Brandlin’s actions in bringing jurors back for more deliberations were not coercive or suggestive as to what verdict jurors should reach, the justice said.
“Moreover, here the jury had only been deliberating for a day and a half as to three defendants, after a trial that had lasted two months,” Kennard wrote. “We have previously upheld the denial of a mistrial in similar circumstances.”
The judge was not required to inquire as to how badly split the jury was, Kennard added.
Kennard also rejected the argument that Debose’s death sentence was disproportionate to the life prison terms to which Higgins and Flagg were sentenced.
The justice wrote:
“Here, defendant’s death sentence is proportionate to his individual involvement and culpability. Coupled with the circumstances of the crimes, the evidence strongly points to defendant as the shooter of Kim; furthermore, less than a week later, defendant, acting alone, viciously attacked, robbed and shot a second victim … in the head at point-blank range. It moreover is reasonable to infer that because defendant was the only one involved in both incidents, he planned and orchestrated them.”
Special Circumstance Reversed
The court did reverse the arson special circumstance finding, noting that the applicable statute limits the special circumstance to arson of an inhabited structure or property. But that does not affect the validity of the death sentence, the court held, because the robbery special circumstance alone was sufficient.

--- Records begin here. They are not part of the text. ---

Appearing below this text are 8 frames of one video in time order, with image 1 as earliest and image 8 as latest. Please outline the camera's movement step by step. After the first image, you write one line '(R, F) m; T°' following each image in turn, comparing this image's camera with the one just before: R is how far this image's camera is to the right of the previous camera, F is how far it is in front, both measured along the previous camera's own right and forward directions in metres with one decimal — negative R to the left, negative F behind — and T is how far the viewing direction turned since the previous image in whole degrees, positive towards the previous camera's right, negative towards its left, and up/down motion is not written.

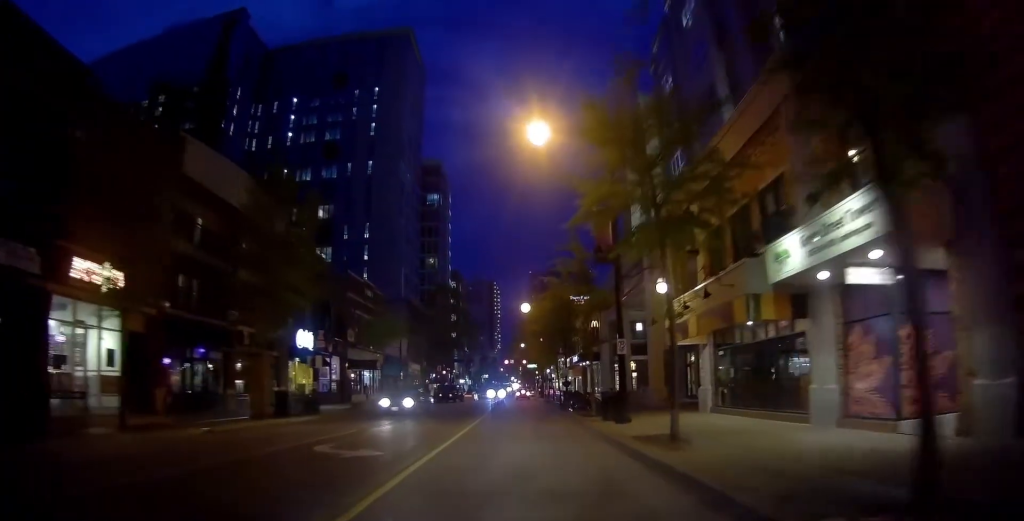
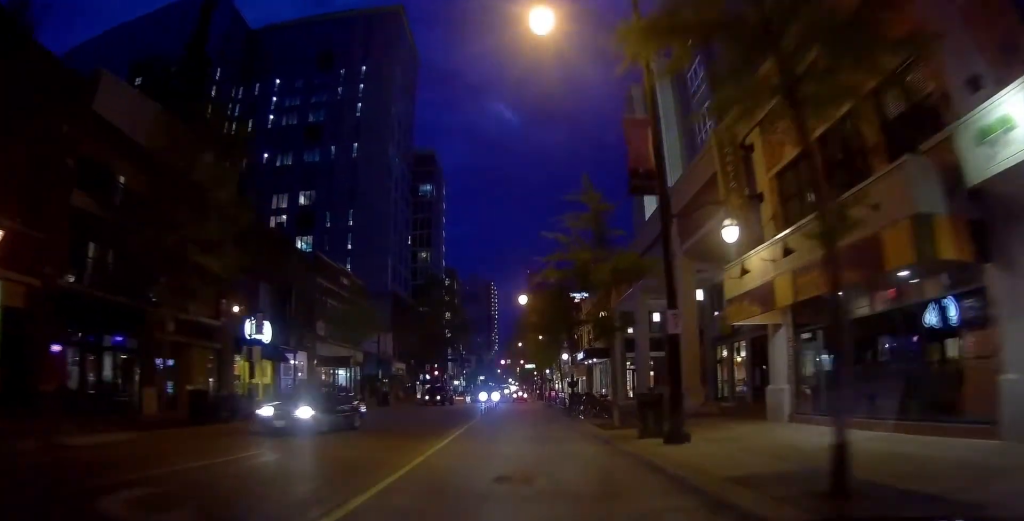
(0.0, +6.7) m; 0°
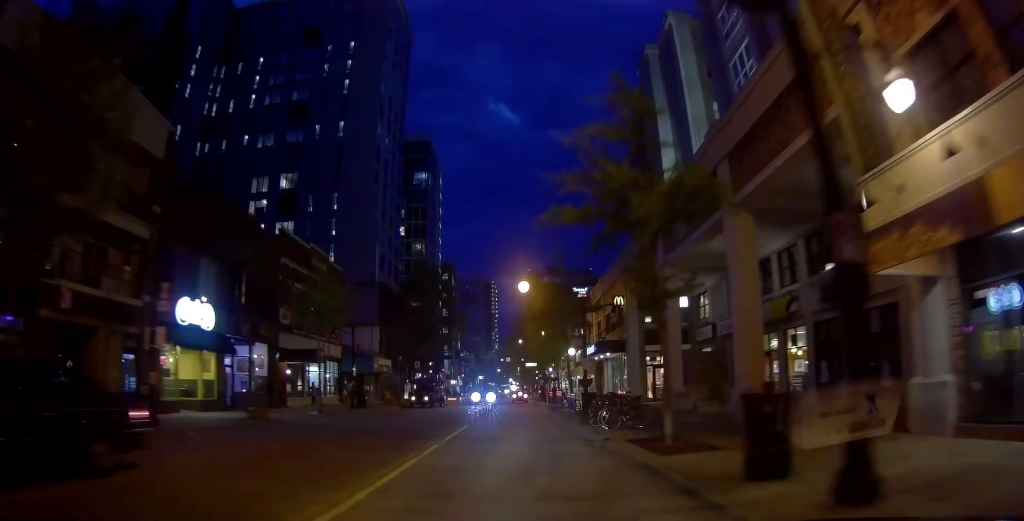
(0.0, +6.2) m; 0°
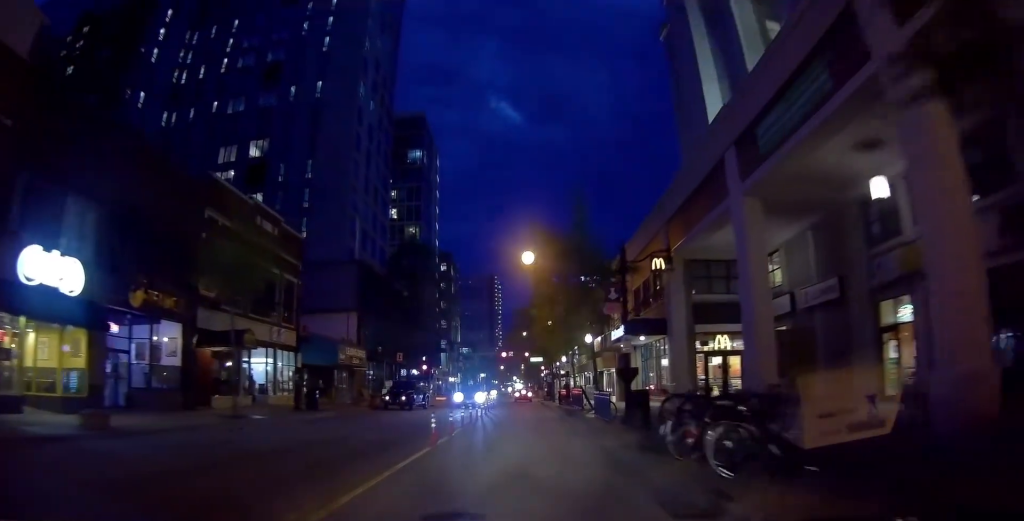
(0.0, +9.6) m; -1°
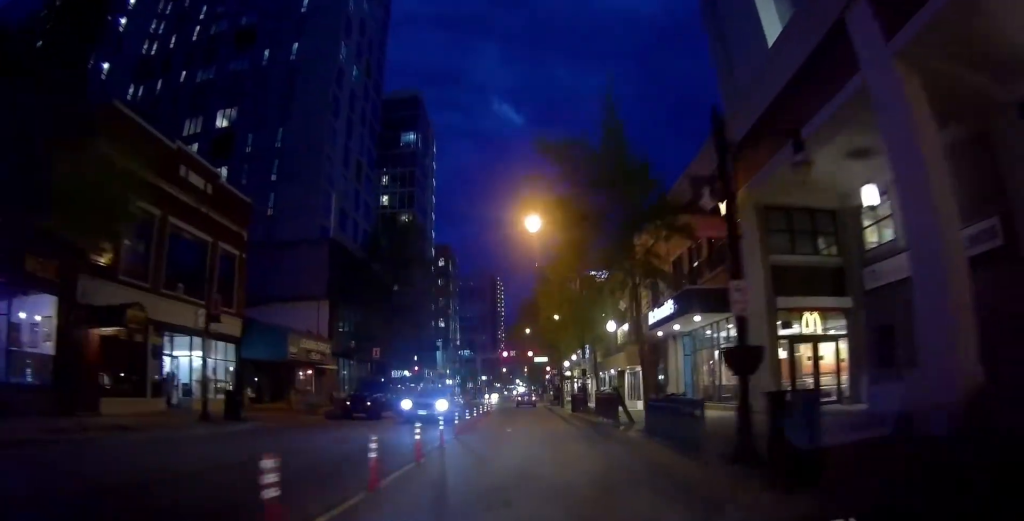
(-0.2, +8.6) m; +1°
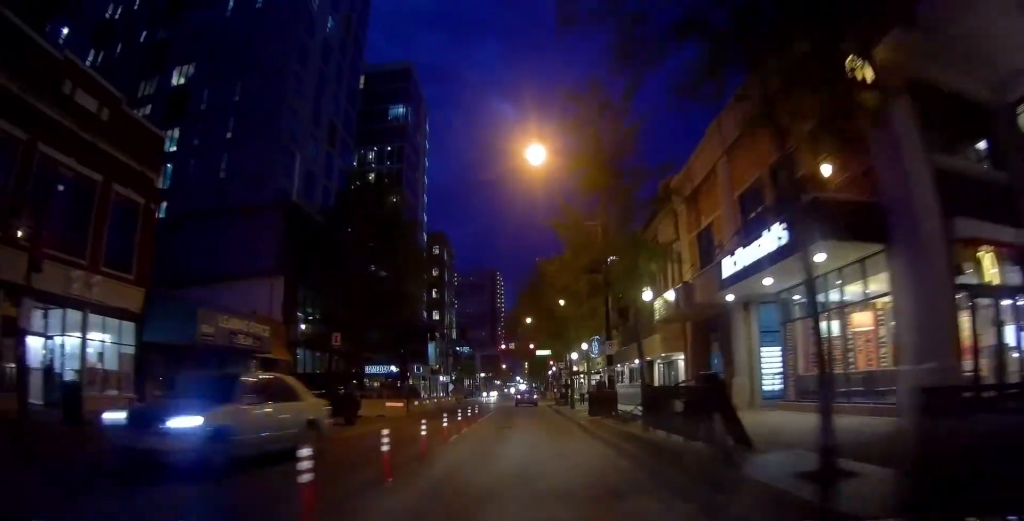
(+0.3, +9.1) m; +3°
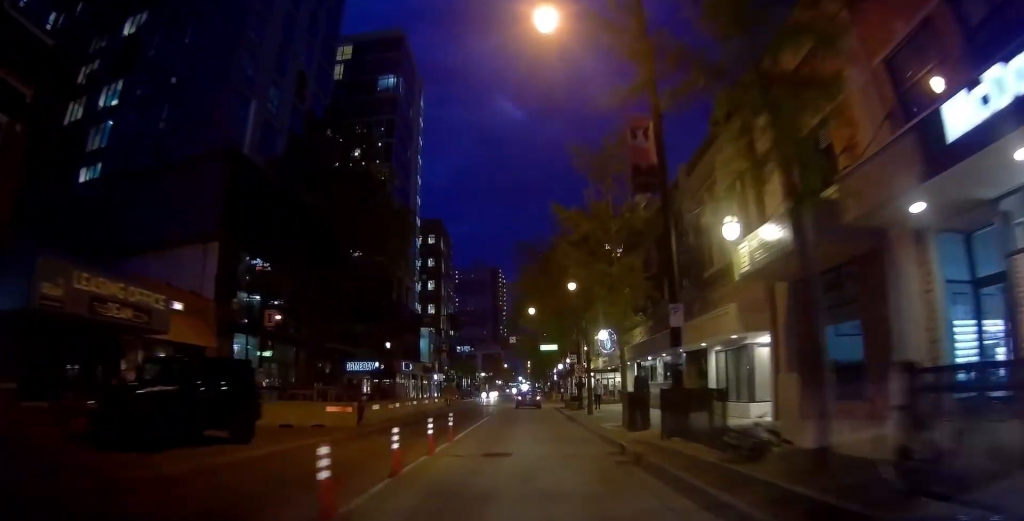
(+0.2, +9.1) m; +1°
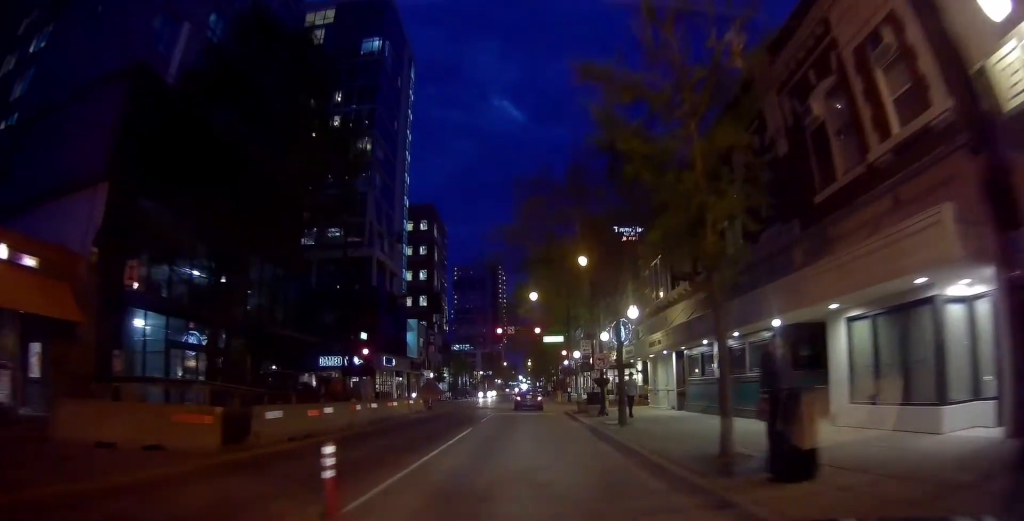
(0.0, +9.1) m; 0°

The high court yesterday also affirmed the death sentence for Dung Dinh Ahn Trinh for the murders of three employees of West Anaheim Hospital in 1999. Trinh admitted that he shot the victims, as well as a fourth person who survived, because the hospital gave poor care to his mother, who died a few months after being released from West Anaheim.

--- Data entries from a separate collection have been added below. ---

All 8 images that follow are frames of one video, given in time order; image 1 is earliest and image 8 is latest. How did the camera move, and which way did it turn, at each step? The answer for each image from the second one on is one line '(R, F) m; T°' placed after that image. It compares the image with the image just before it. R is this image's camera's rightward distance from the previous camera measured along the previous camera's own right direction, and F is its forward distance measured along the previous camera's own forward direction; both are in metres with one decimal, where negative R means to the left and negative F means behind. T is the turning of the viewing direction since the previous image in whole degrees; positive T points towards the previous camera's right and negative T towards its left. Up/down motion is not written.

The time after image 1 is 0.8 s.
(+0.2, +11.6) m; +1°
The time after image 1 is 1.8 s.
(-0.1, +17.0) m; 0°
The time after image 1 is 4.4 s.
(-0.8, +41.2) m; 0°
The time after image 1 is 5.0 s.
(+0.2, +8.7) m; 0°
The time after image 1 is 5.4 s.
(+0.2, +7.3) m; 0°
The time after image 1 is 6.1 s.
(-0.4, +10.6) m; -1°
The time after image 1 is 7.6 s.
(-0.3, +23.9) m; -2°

She died of cardiac arrest hours before the shootings.
Trinh testified that he had no regrets or remorse for what he had done, but his counsel urged jurors to return a life-without-parole verdict. The defense put on evidence that Trinh had been completely devoted to his mother and her care, and that the transition from life in their native Vietnam had been difficult.
Jurors in the first penalty phase deadlocked 10-2 for LWOP. A second trial was held, as to penalty only, where jurors deadlocked 11-1 for the death penalty.

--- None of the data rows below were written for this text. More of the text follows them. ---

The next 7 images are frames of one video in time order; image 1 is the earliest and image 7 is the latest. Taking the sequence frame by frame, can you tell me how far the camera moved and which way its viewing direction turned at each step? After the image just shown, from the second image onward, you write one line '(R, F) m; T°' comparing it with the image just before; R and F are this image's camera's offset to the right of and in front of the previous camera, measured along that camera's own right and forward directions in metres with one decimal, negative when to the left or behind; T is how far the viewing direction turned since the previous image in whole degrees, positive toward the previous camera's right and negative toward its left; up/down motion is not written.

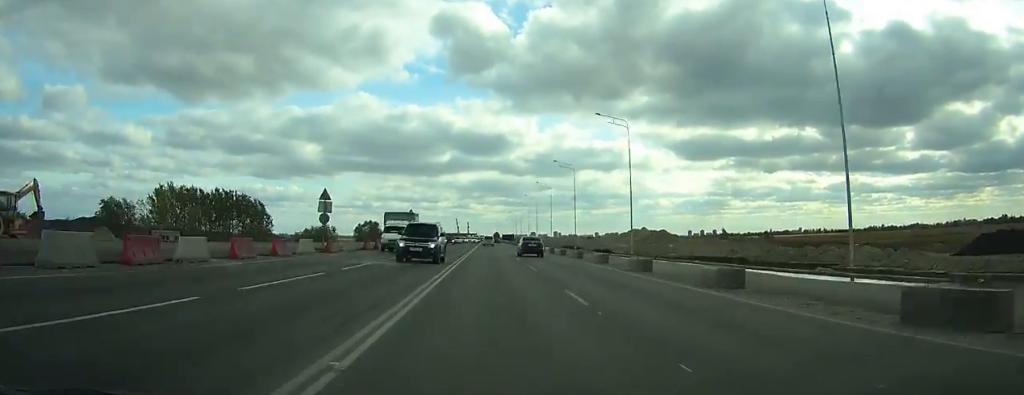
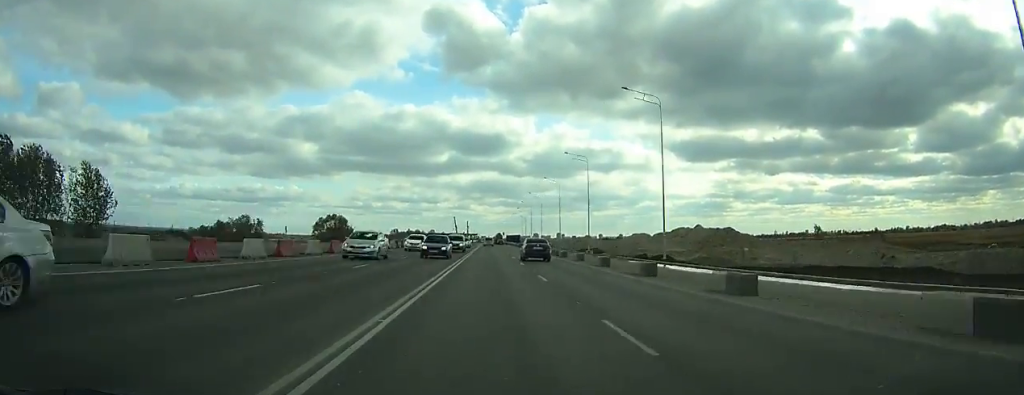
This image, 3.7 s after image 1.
(-0.2, +74.2) m; 0°
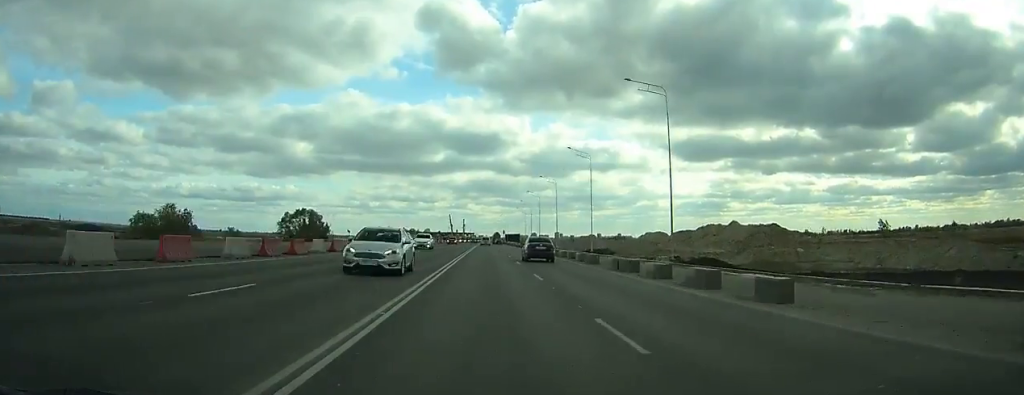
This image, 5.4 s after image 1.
(0.0, +34.7) m; 0°
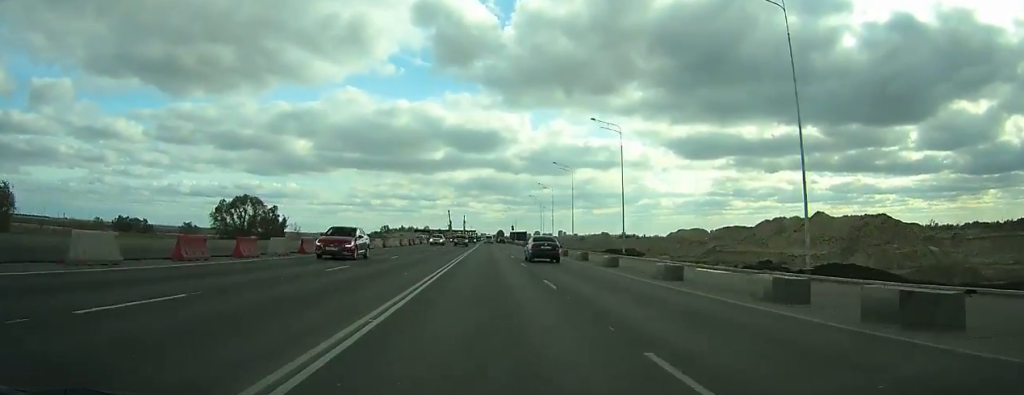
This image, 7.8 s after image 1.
(+0.1, +49.2) m; 0°
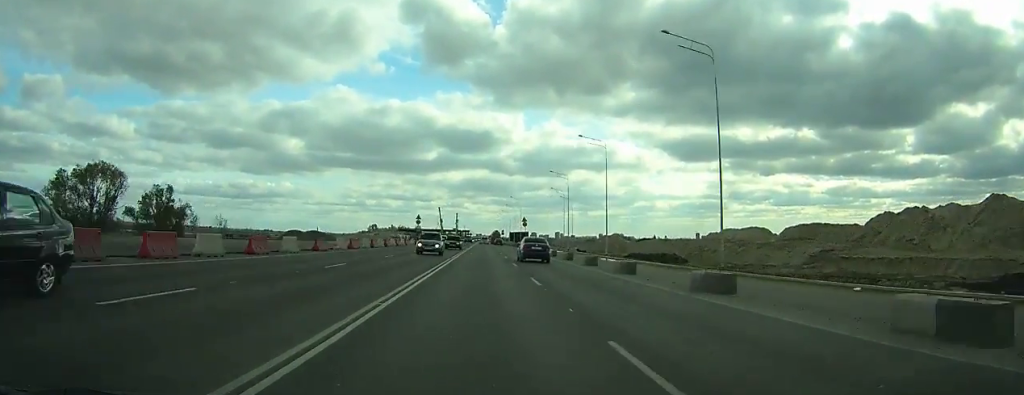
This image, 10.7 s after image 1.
(+0.1, +58.7) m; +1°
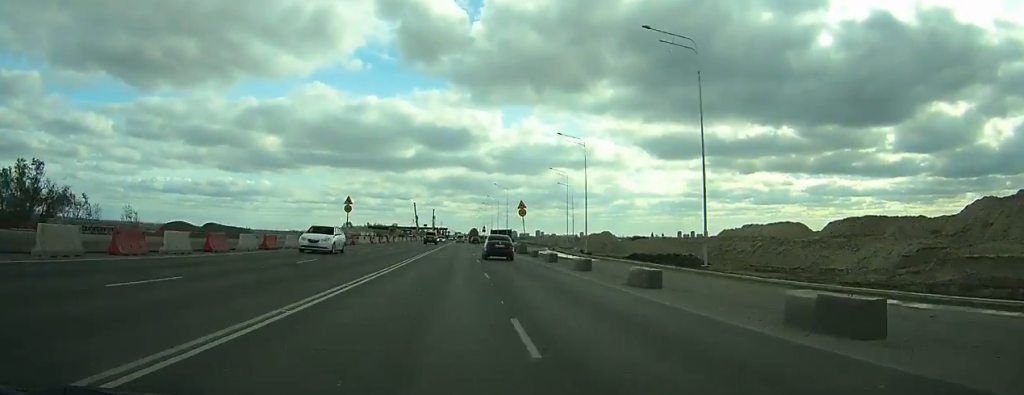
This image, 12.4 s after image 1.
(+0.2, +33.7) m; 0°
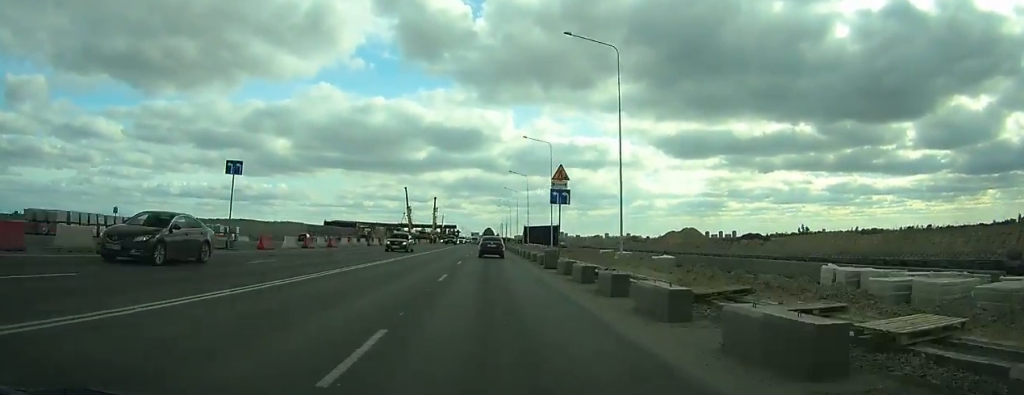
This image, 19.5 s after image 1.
(-0.6, +134.0) m; -1°

The defense moved to block a third trial, but Judge John Ryan permitted it, and jurors voted unanimously for the death penalty.
Justice Kathryn M. Werdegar, writing for a unanimous court, said the decision to allow a third trial was neither an abuse of discretion nor a constitutional violation. Having heard the evidence at the first two trials, it was reasonable for the judge to believe that a third trial might result in a unanimous verdict, the justice said.
The high court also rejected an argument that prosecutors exercised racial bias in striking a man who would have been the only Vietnamese-American juror from the panel. Werdegar said there were legitimate reasons for the peremptory challenge, including the fact that the man was middle-aged but had never married and had no children.
Justice Goodwin Liu, while joining Werdegar’s opinion, wrote separately to criticize Ryan for comments suggesting that the excused venire member seemed unusually disinterested in the fate of his fellow Vietnamese-American, contrasting his reaction with those of “that entire community” to the trial of a Taiwanese-American woman accused of killing her husband’s Chinese mistress.
Liu said it was clear that those views “influenced the trial court’s assessment of the credibility of the prosecutor’s explanation that [the venire member’s] unresponsive views on the death penalty were suspect.” But he agreed that the trial court’s ruling was correct, because there was no showing that the prosecutor’s objection to the man was based on ethnic stereotypes.
The cases are People v. Debose, 14 S.O.S. 2835, and People v. Trinh, 14 S.O.S. 2821.